Adoption of real-time ultrasound to guide CVC placement has the potential to improve successful line placement and minimized complications. It can improve patient safety. However, there are significant cost concerns and the reported adverse events are generally minor and easy to treat. Before creating study protocols to increase usage of this technology, both current usage and cost effectiveness should be determined.

摘要

背景

中心静脉导管(CVC)置入是重症患者护理的重要组成部分,但采用传统体表标志法时会伴随较高的发病率。实时超声引导置管技术应运而生,旨在降低相关发病率。

目的

本文有两个目的。其一,确定实时超声引导下CVC置入相对于单纯使用体表标志法的相对有效性。
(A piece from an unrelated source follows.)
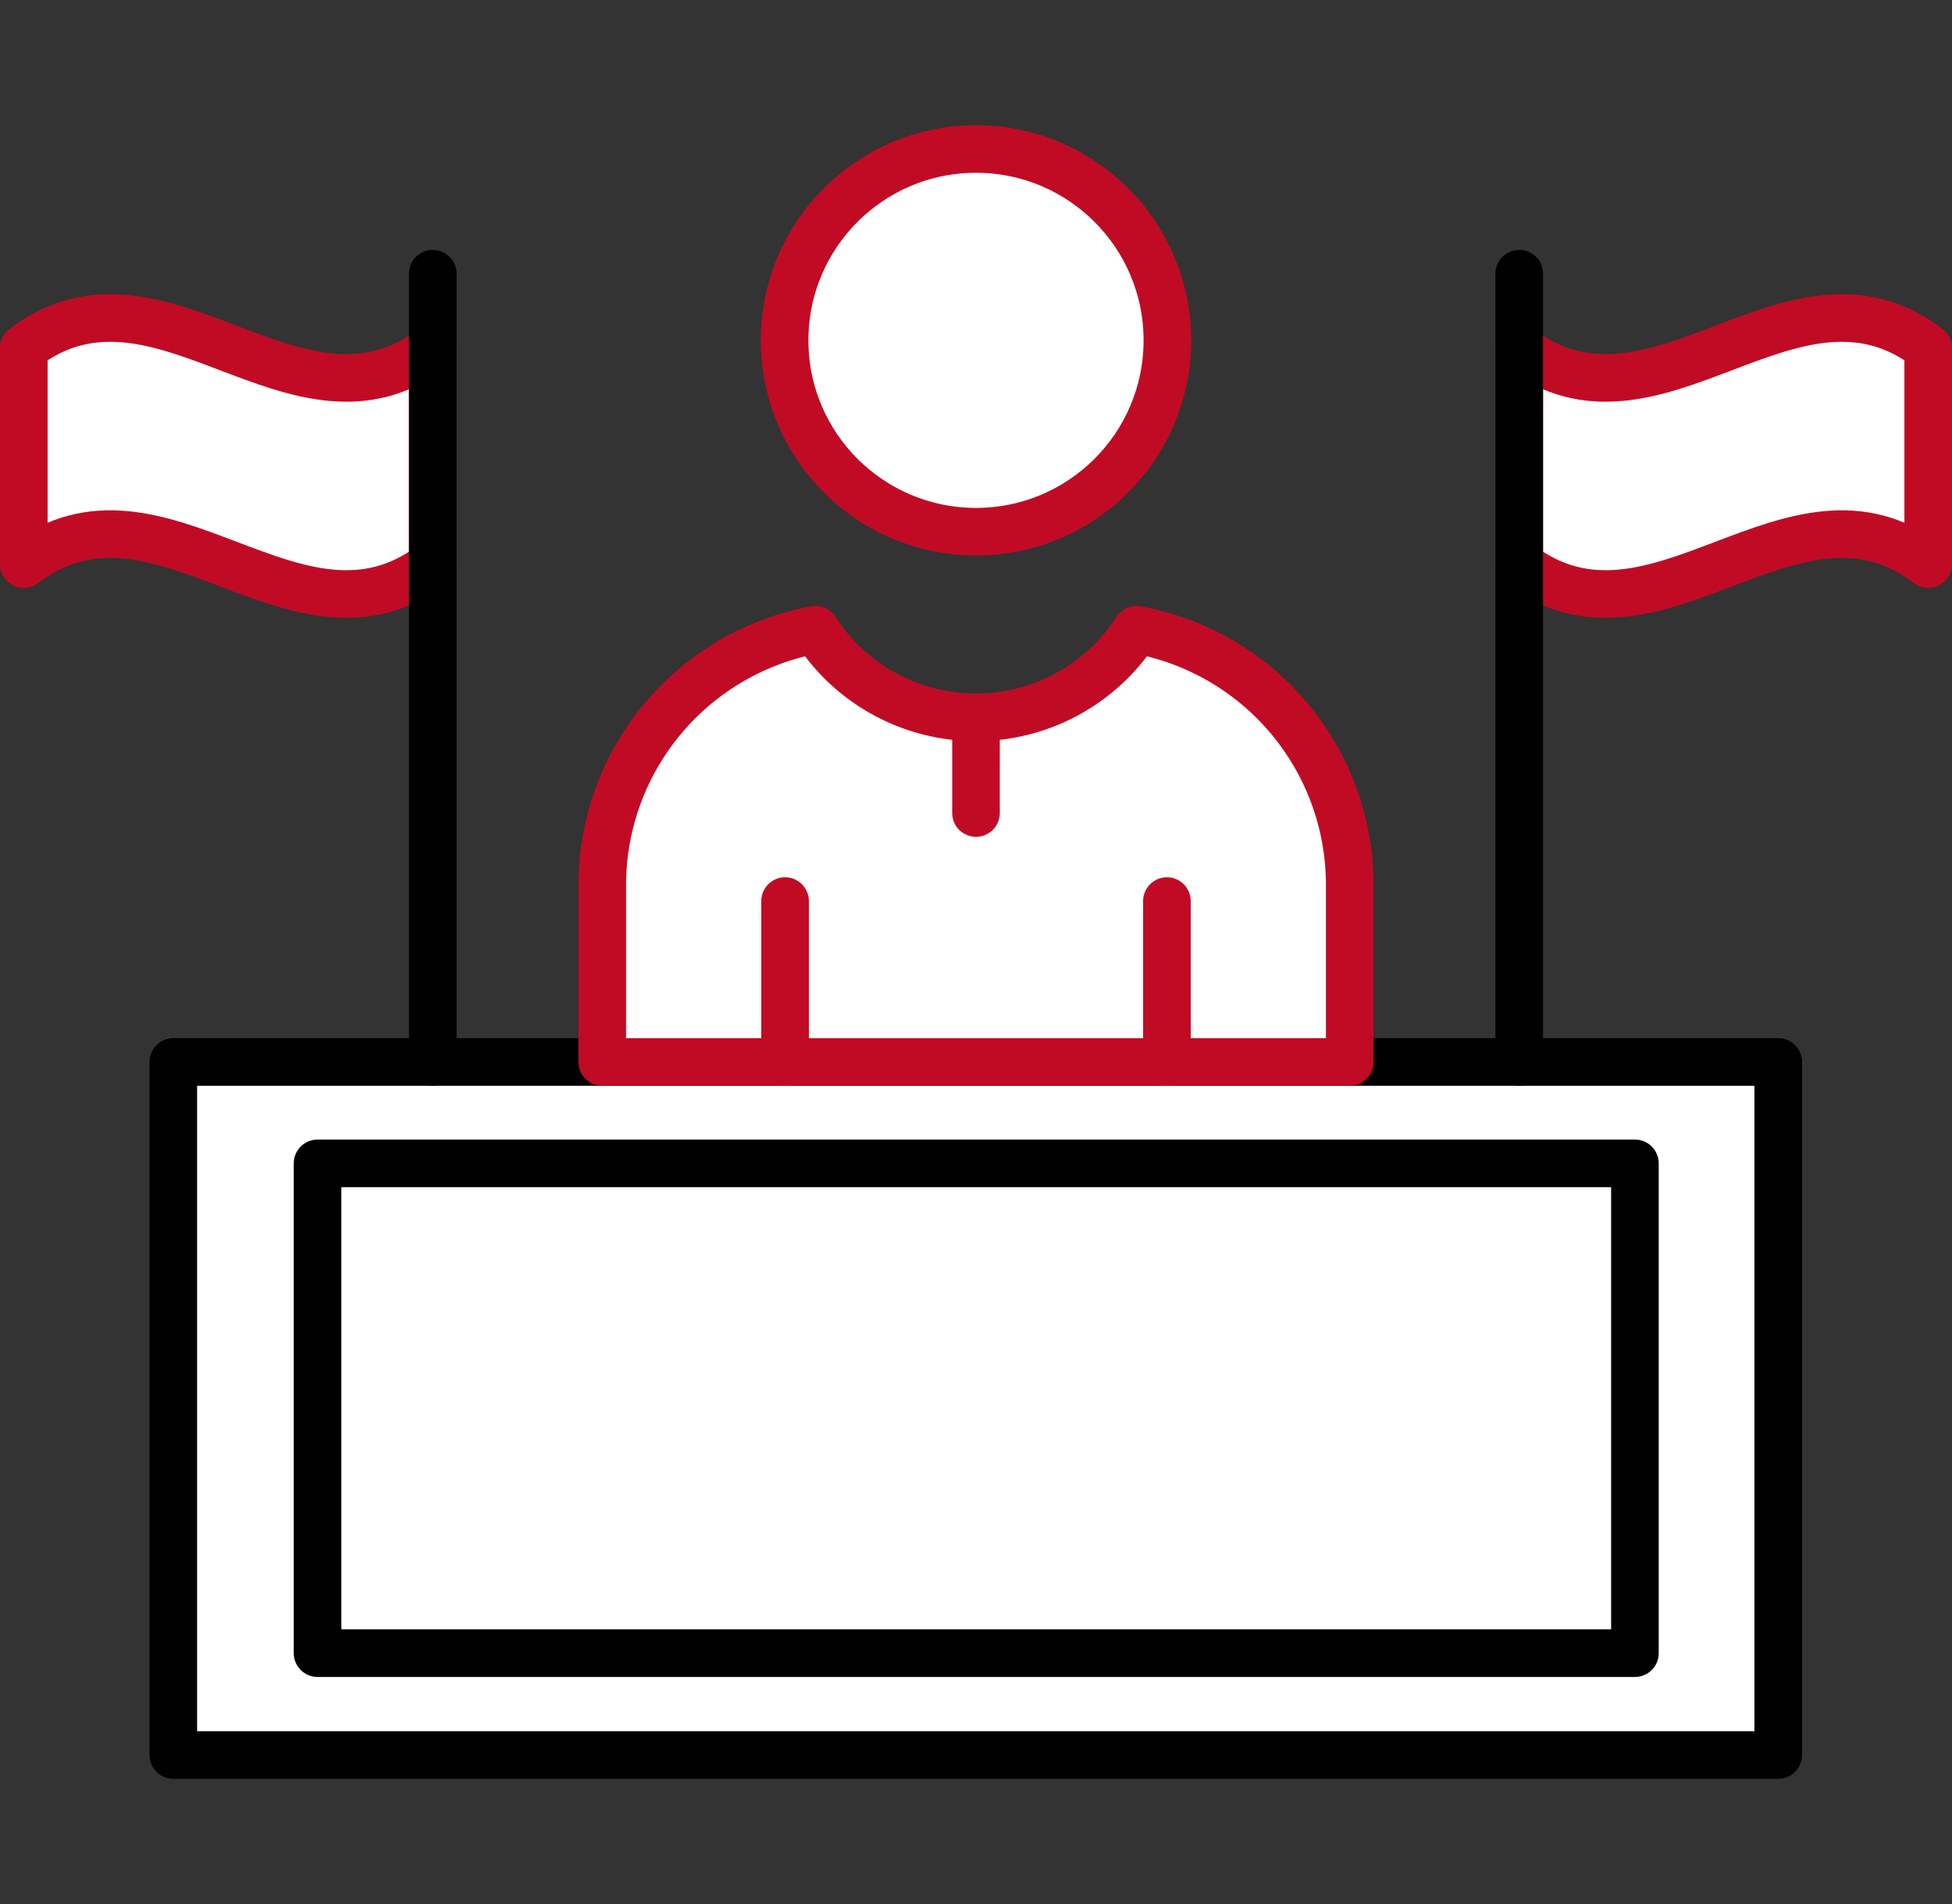<svg xmlns="http://www.w3.org/2000/svg" viewBox="0 0 41 40"><rect x="0" y="0" width="41" height="40" fill="#333333" stroke="none"/><rect x="3.64" y="22.31" width="33.71" height="14.56" fill="#fff" stroke="#000" stroke-linecap="round" stroke-linejoin="round"/><rect x="6.67" y="24.44" width="27.67" height="10.29" fill="#fff" stroke="#000" stroke-linecap="round" stroke-linejoin="round"/><circle cx="20.5" cy="7.15" r="4.02" fill="#fff" stroke="#c10b25" stroke-linecap="round" stroke-linejoin="round"/><path d="M23.87,13.23a4.006,4.006,0,0,1-6.74,0,5.455,5.455,0,0,0-4.48,5.36v3.72h15.7V18.59A5.446,5.446,0,0,0,23.87,13.23Z" fill="#fff" stroke="#c10b25" stroke-linecap="round" stroke-linejoin="round"/><line x1="16.49" y1="22.31" x2="16.49" y2="18.93" fill="none" stroke="#c10b25" stroke-linecap="round" stroke-linejoin="round"/><line x1="24.51" y1="22.31" x2="24.51" y2="18.93" fill="none" stroke="#c10b25" stroke-linecap="round" stroke-linejoin="round"/><line x1="20.5" y1="15.07" x2="20.5" y2="17.08" fill="none" stroke="#c10b25" stroke-linecap="round" stroke-linejoin="round"/><path d="M40.5,11.85c-2.86-2.18-5.73,2.18-8.59,0V7.31c2.86,2.18,5.73-2.18,8.59,0v4.54Z" fill="#fff" stroke="#c10b25" stroke-linecap="round" stroke-linejoin="round"/><path d="M.5,11.85c2.86-2.18,5.73,2.18,8.59,0V7.31C6.23,9.49,3.36,5.13.5,7.31v4.54Z" fill="#fff" stroke="#c10b25" stroke-linecap="round" stroke-linejoin="round"/><line x1="31.91" y1="22.31" x2="31.91" y2="5.75" fill="none" stroke="#000" stroke-linecap="round" stroke-linejoin="round"/><line x1="9.09" y1="22.31" x2="9.09" y2="5.75" fill="none" stroke="#000" stroke-linecap="round" stroke-linejoin="round"/></svg>

其二,探讨未来增加该技术应用的研究价值。

数据来源

1966年至2001年的Medline数据库、个人文档、两项先前的系统评价以及所选文章的参考文献列表。

研究选择

纳入标准为:(1)研究设计为对照试验;(2)患者需要置入CVC;(3)干预措施为实时超声引导与标准体表标志引导置管;(4)结局指标至少包括以下一项:置管失败、首次尝试成功、尝试次数、置管时间或并发症发生率。

数据综合

共识别出18项试验。汇总结果显示,失败率显著降低(风险差值为-0.12,95%置信区间[CI]为-0.18至-0.06)、尝试次数减少(风险降低1.41,95%CI为1.15至1.67)以及动脉穿刺率降低(风险差值为-0.07,95%CI为-0.10至-0.03)。超声引导下首次尝试成功的静脉穿刺次数更多(风险差值为0.24,95%CI为0.08至0.39)。置管时间无差异。大多数分析发现研究结果存在显著异质性。亚组分析表明,使用外部探头、进行颈内静脉置管以及由置管经验较少的临床医生操作时,超声引导最能显著改善结局。

结论

采用实时超声引导CVC置入有可能提高置管成功率并减少并发症。它可提高患者安全性。然而,成本问题较为突出,且报告的不良事件通常较轻且易于处理。在制定增加该技术应用的研究方案之前,应先确定当前的应用情况及成本效益。